Мы поцеловались у подъезда. В этот волшебный час между ночью и днем все казалось нереальным, призрачным. Мы даже попрощались шепотом, и я еще раз окунулась в его глаза. Оказывается, они меняют цвет, надо же… в полумраке кафе глаза Дэна были серыми, отливали сталью, но сейчас, в этом мягком рассеянном свете они гармонировали с неярким ноябрьским небом, еще не закрытым тяжелыми тучами: вроде бы уже не серые, но еще и не голубые…красивые.
Изольды не было. Наверное, где-то тусуется. Я хотела зайти в ванную, смыть косметику и переодеться, прилегла на минутку на диван в зале, потянула на себя плед…да и заснула, будто провалилась. Последней мыслью было: хорошо, что сегодня среда, в инст не надо, у нас день самоподготовки.
– Маха! Маха, проснись! Мах, ну проснись, а? – Изка трясла меня за плечи все сильнее. – Что с тобой?!
– Что со мной? – я села, убирая с глаз выбившуюся прядь. – Чего орешь? Я в порядке!
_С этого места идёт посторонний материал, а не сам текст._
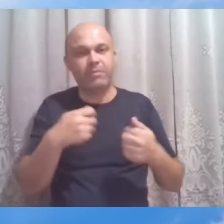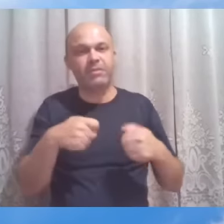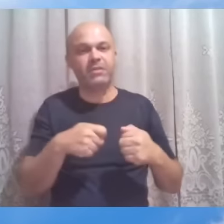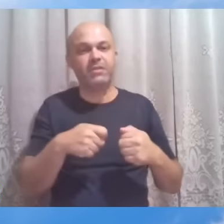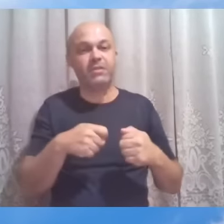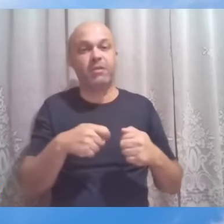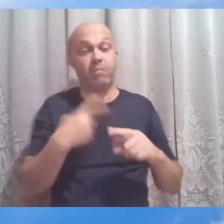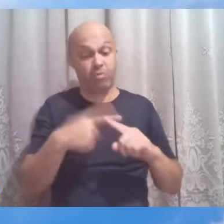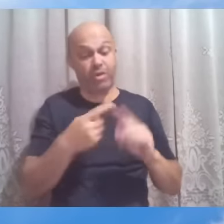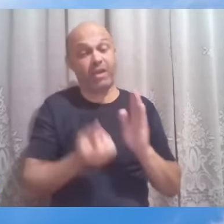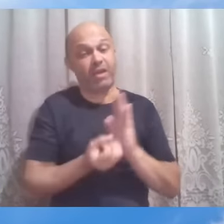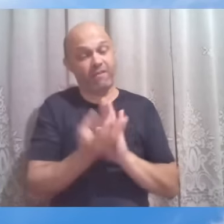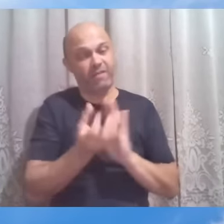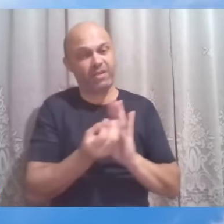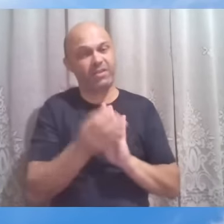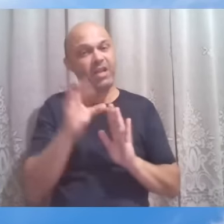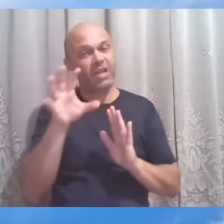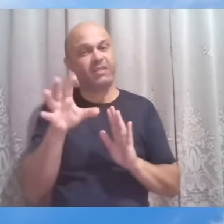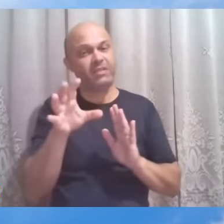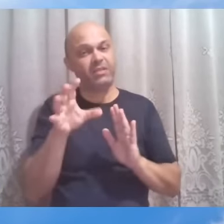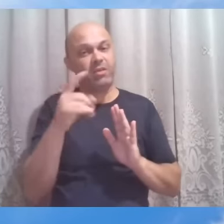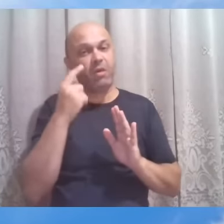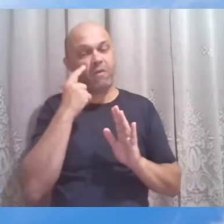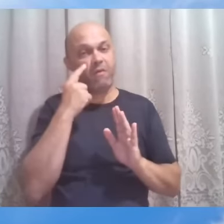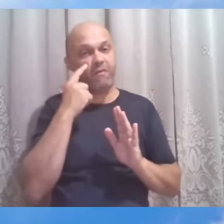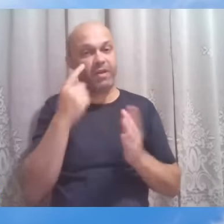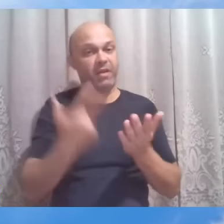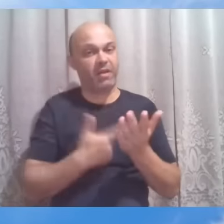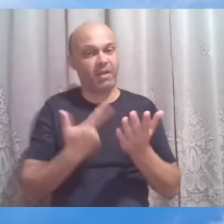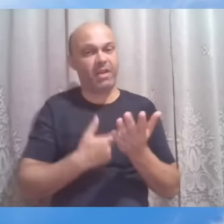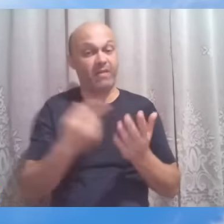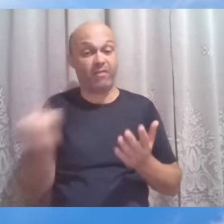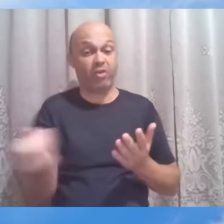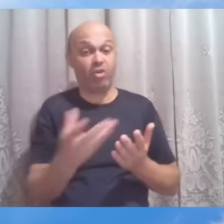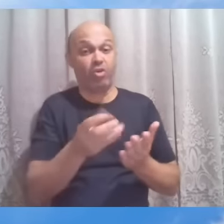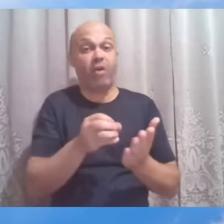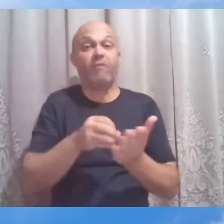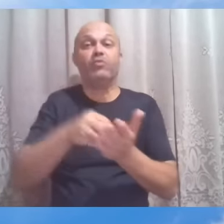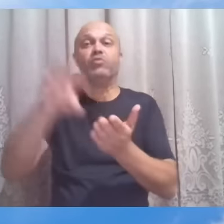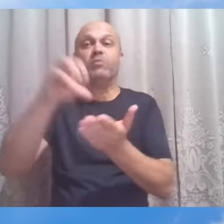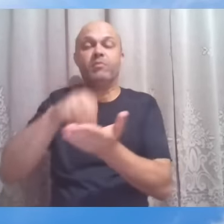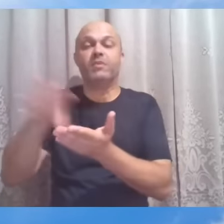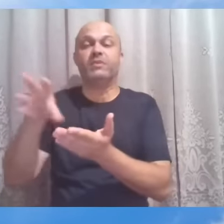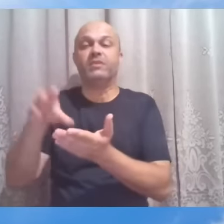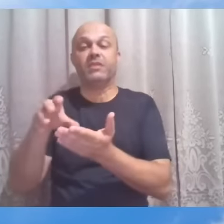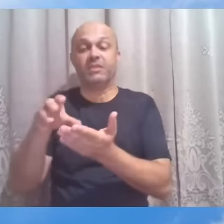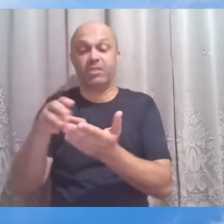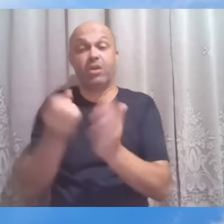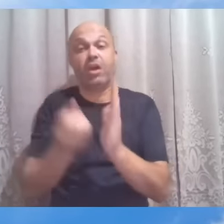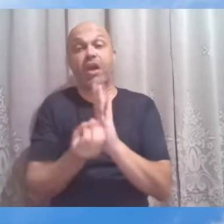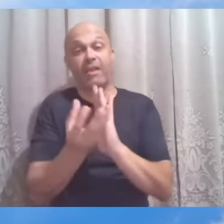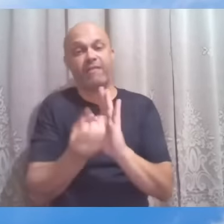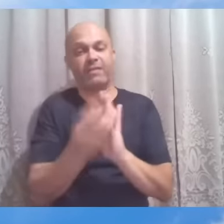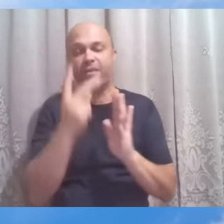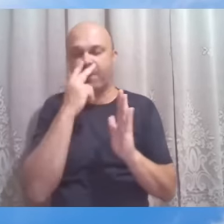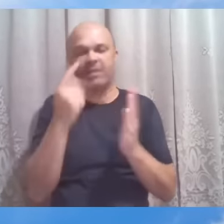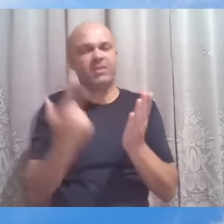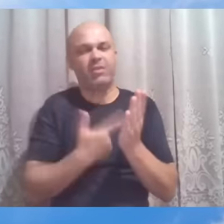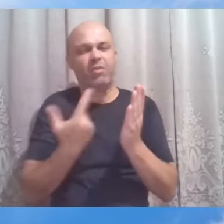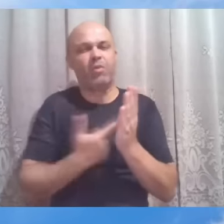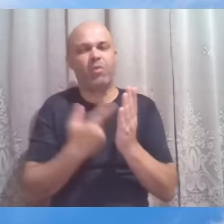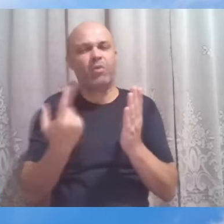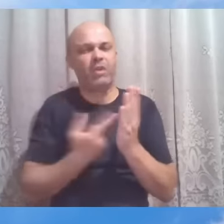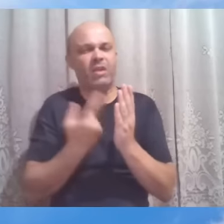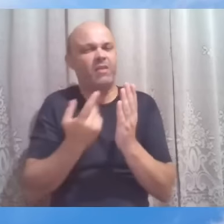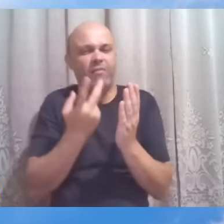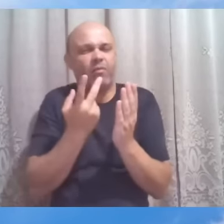vemos na obra Os Mensageiros, de André Luiz, o Evangelho é um livro sagrado e não nos oferta os seus tesouros,

– В порядке она, – Изка нервно хихикнула, подсовывая мне пудреницу, – на, полюбуйся на себя!
Я взглянула в маленькое зеркальце. Ну и ничего страшного, глаза размазались чуть, подумаешь. Губы, наверное, тоже. Губы…ох, ну ни фига ж себе! Распухли так, что никакого силикона не надо…ох, ну вот. Я оглядела шею, плечи…ничего. А вот грудь болела. Но как-то так…приятной болью.